Life has many seasons, and many cycles. Chanukah, these days, is becoming 8 days where I get the chance to see each local friend in a small setting one last time before we hunker down for the annual holiday COVID spike. We enter a season of personal wintering. The cold, the low energy, the cozy, the dark, the quiet solitude. At the beginning of the pandemic, these moments were my greatest fear. The isolation of being an Essential Worker pre-vaccine had me so terrified and touch-starved and lonely that I was willing to consider uprooting my life just to make sure that I'd never be isolated like that again. Just to make sure that, if there was another emergency, I'd be going through it with someone I could ask for a hug. During the annual holiday COVID spike, I would obsess over the numbers daily. When would they fall low enough that I could be touched again. When would the isolation end. I couldn't trust that it would just happen. I needed to observe it, to collapse the quantum waveform and ensure that the number fell. Every day I feared it would go up before it went down. I fought the solitude, and the season, and the cold.

Now I live alone, so while my risk vectors are simplified, I'm more isolated than ever if the spike gets so extreme that it's unsafe to see others for a while. But I'm used to the season. After Chanukah, we all retreat to our warm little dens and bunker down through the storm. It is a time for reading, for quiet, for having an edible and listening to music alone. It is a time to indulge in things that only I enjoy. It is a time to put in less effort and be a little depressed but to not struggle against it all. A season that, by now, I know will end some time in late January or February, and so I can be content with only coworkers to talk to for a little while.

The next observance on the Hebrew calendar will be Asarah B'Tevet, which is the day which I tend to treat as my own personal TDOR to commemorate those who have been lost but their yahrzeits are not known. I mourn friends who passed due to mental illness or transphobia without leaving an exact day for when they crossed that threshold. I mourn those who went missing in wars, disasters, catastrophes, where we only know days later that they passed, or must assume it after months. It is a season for somber respect for the dead.

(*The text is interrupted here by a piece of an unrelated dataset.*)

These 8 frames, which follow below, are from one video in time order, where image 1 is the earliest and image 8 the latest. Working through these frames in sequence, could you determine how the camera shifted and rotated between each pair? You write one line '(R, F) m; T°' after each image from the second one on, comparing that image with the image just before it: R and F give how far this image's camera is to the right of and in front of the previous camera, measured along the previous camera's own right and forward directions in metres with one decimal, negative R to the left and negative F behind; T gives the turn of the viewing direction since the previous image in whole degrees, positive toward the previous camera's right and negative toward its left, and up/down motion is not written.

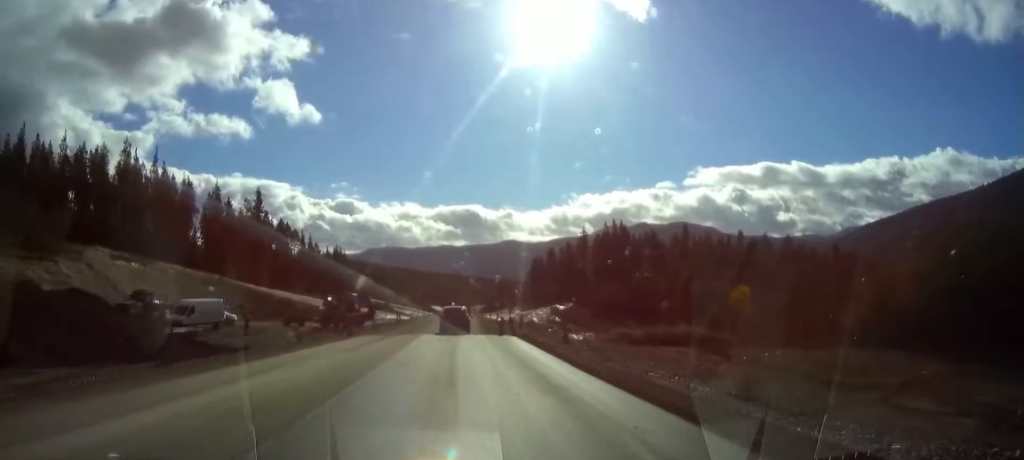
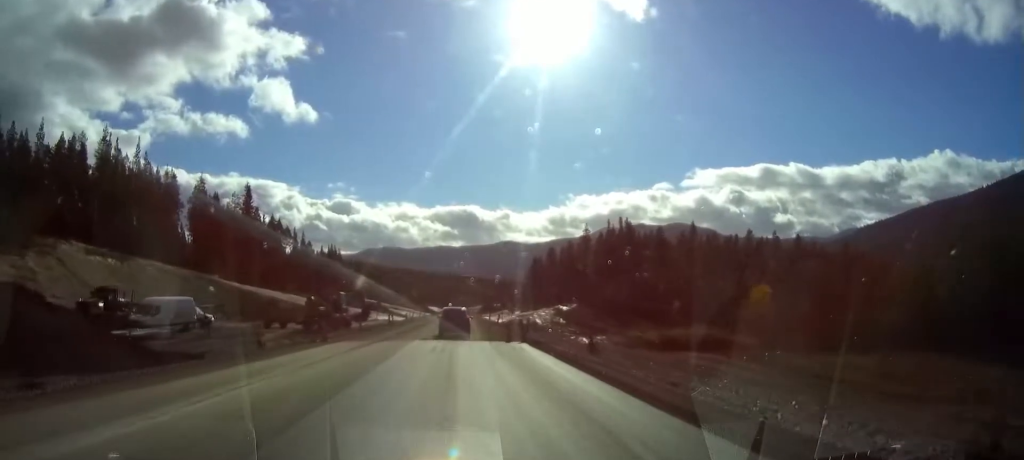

After that, in the cycle, is tu b'shvat. The birthday and new year for trees. I don't know how to observe it, but it tends to fall around when the post-holiday solitude begins to thaw and the numbers begin to decline again. The trees are mostly still slumbering for the winter, but it is a time to pay respects to the quiet nature. When I lived in New England, it was a time to march out into the deep forest, all sound muffled in the snow, and listen to the still quiet and the crisp cold air and simply exist on the planet on its own.

Then the isolation thaws. I see my friends and loved ones again. The world begins to warm. By Purim, the frost is melting, and things are joyous again. Energy surges back. It becomes a time of excitement, and aspirations. Every Purim, now, too, is a new year for the plague. Another year of this world that I managed to survive. We didn't die. Let's eat.

Yes, someday, there will be warmth, and excitement, and heat. But now it is time to let the candles burn out. To let there be a season of darkness. To let there be solstice. A time of blankets and slowness. It is good for things to end, sometimes, as the seasons continue to churn. There are more seasons than the four seasons of the weather, but they are seasons none the less.

Chag Sameach. Enjoy this last day of Chanukah. Eat something fried. I'll be over here snoozing.